SC_MODULE(DecoupledInitiator) {
  tlm_utils::simple_initiator_socket<DecoupledInitiator> socket{"socket"};
  tlm_utils::tlm_quantumkeeper qk;
 
  SC_CTOR(DecoupledInitiator) {
    // Set global quantum (e.g., 1000 ns)
    tlm::tlm_global_quantum::instance().set(sc_time(1000, SC_NS));
    // Reset local quantum keeper
    qk.reset();
    
    SC_THREAD(run);
  }
 
  void run() {
    for (int i = 0; i < 5; ++i) {
      tlm::tlm_generic_payload trans;
      trans.set_command(tlm::TLM_READ_COMMAND);
      trans.set_address(0x0);
      
      // Pass local time offset instead of SC_ZERO_TIME
      sc_time local_delay = qk.get_local_time();
      socket->b_transport(trans, local_delay);
      
      // Update quantum keeper with the new delay computed by target
      qk.set(local_delay);
 
      std::cout << "Transaction " << i 
                << " finished at kernel time " << sc_time_stamp()
                << " + local offset " << qk.get_local_time() << "\n";
 
      // If we exceeded the quantum, sync with the kernel!
      if (qk.need_sync()) {
        std::cout << "--> Syncing with kernel!\n";
        qk.sync();
      }
    }
  }
};
 
int sc_main(int argc, char* argv[]) {
  DecoupledInitiator init("init");
  FastTarget tgt("tgt");
  init.socket.bind(tgt.socket);
  
  sc_start();
  return 0;
}

This keeps transaction timing meaningful without forcing a kernel context switch for every operation.

Choosing the Quantum

A larger quantum usually improves speed but reduces timing precision. A smaller quantum improves synchronization precision but increases overhead.
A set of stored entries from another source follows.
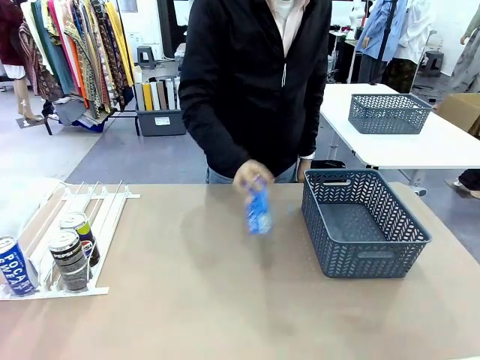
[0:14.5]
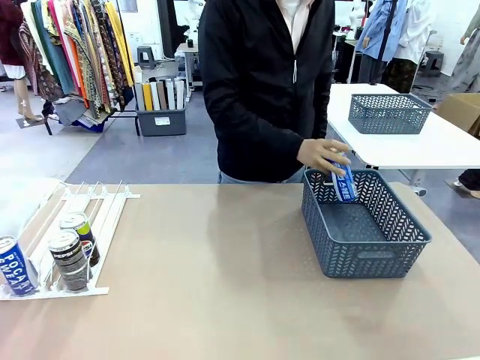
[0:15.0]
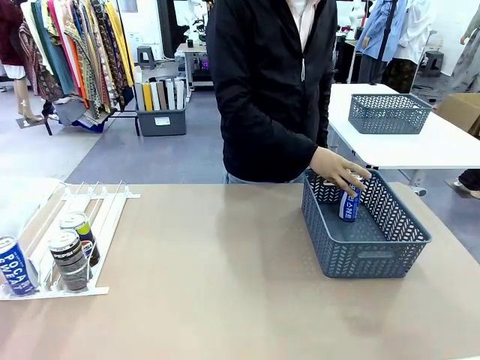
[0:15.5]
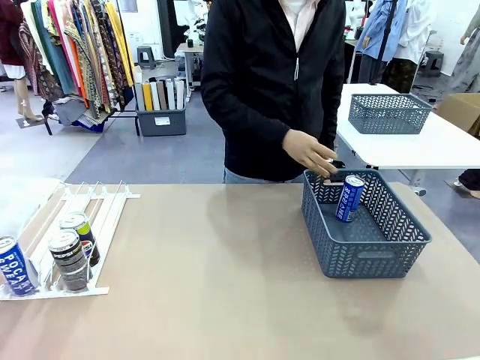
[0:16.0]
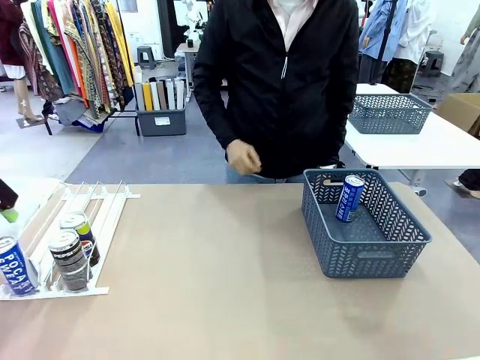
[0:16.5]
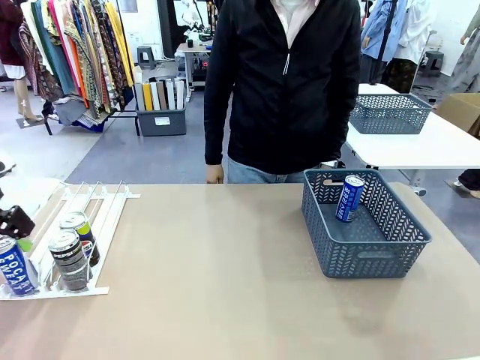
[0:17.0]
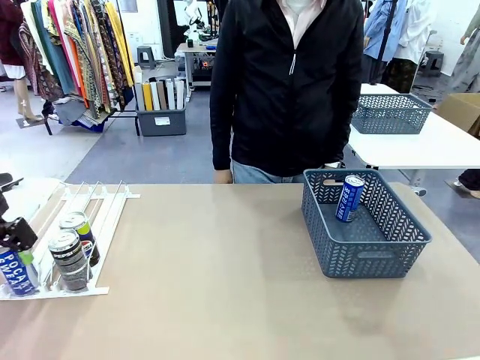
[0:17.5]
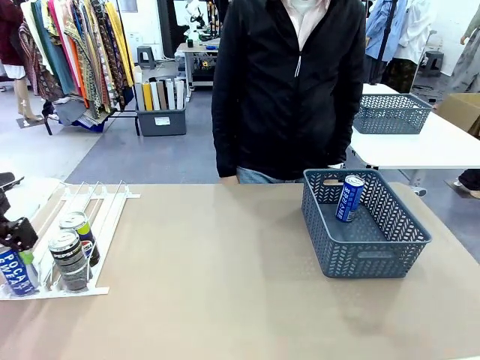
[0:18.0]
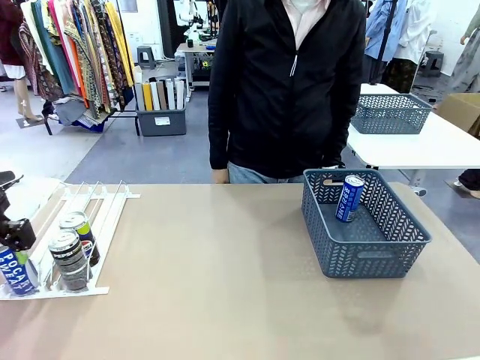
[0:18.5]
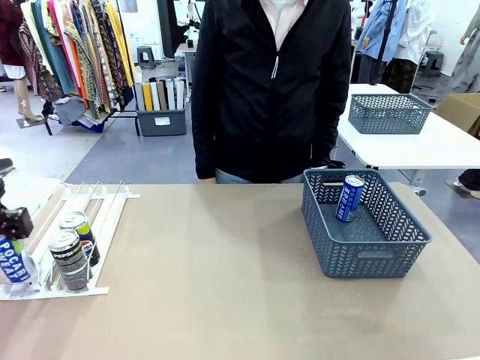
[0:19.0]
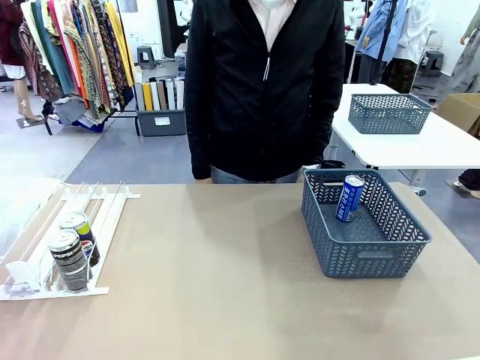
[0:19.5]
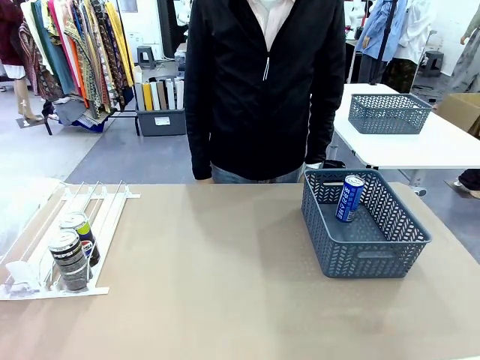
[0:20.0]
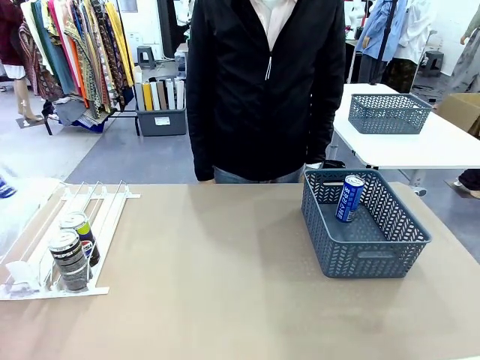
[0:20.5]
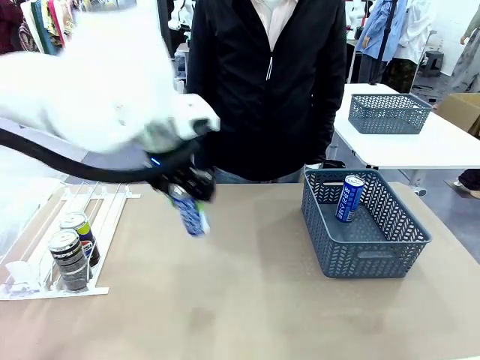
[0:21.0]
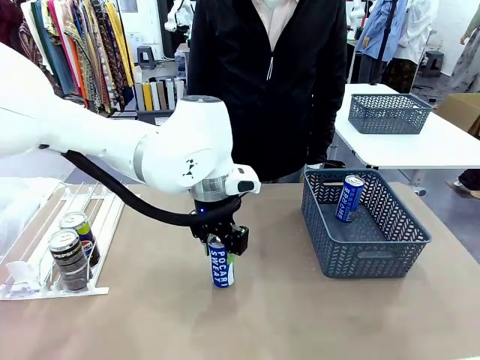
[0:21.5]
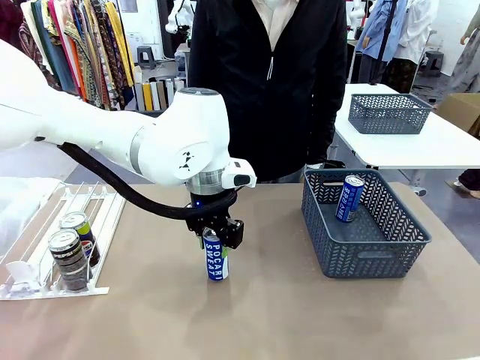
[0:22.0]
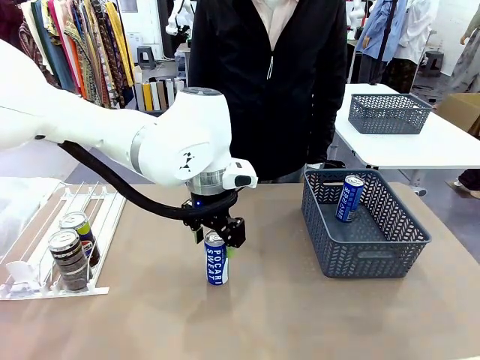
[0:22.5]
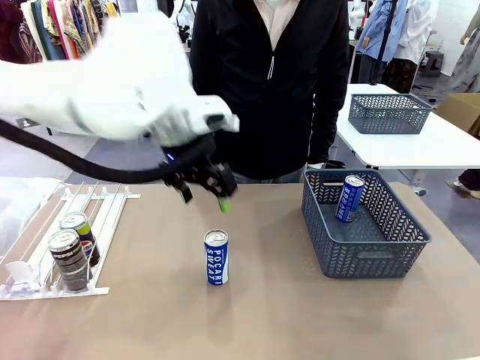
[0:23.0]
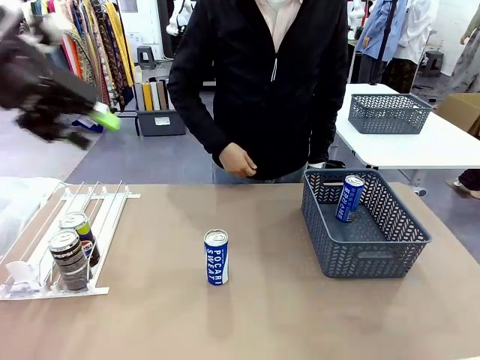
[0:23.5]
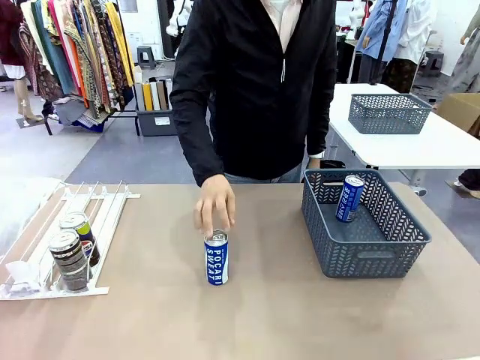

Choose based on the model's purpose:

firmware bring-up: larger quantum may be fine
interrupt-latency exploration: smaller quantum
bus-performance exploration: validate against a more detailed model
cycle-level questions: temporal decoupling may be the wrong abstraction

Interrupts and Synchronization

Interrupts are the classic trap. If a CPU model runs far ahead locally, it may observe interrupts late unless the platform uses synchronization points carefully. Temporal decoupling is a controlled lie for speed. It is useful when the lie does not invalidate the engineering question.

Under the Hood: `tlm_quantumkeeper` and Local Time

To minimize context switching, TLM initiators use a tlm_quantumkeeper. Instead of calling wait(delay) (which halts the coroutine and returns control to the sc_simcontext), the initiator accumulates the delay in a local variable m_local_time. The quantum keeper checks if m_local_time has exceeded the globally configured m_global_quantum (src/tlm_core/tlm_2/tlm_quantum/tlm_global_quantum.cpp). Only when the local time exceeds this threshold does the keeper call wait(m_local_time), synchronizing the thread with the main SystemC scheduler. This temporal decoupling can speed up instruction set simulators (ISS) by 10x-100x.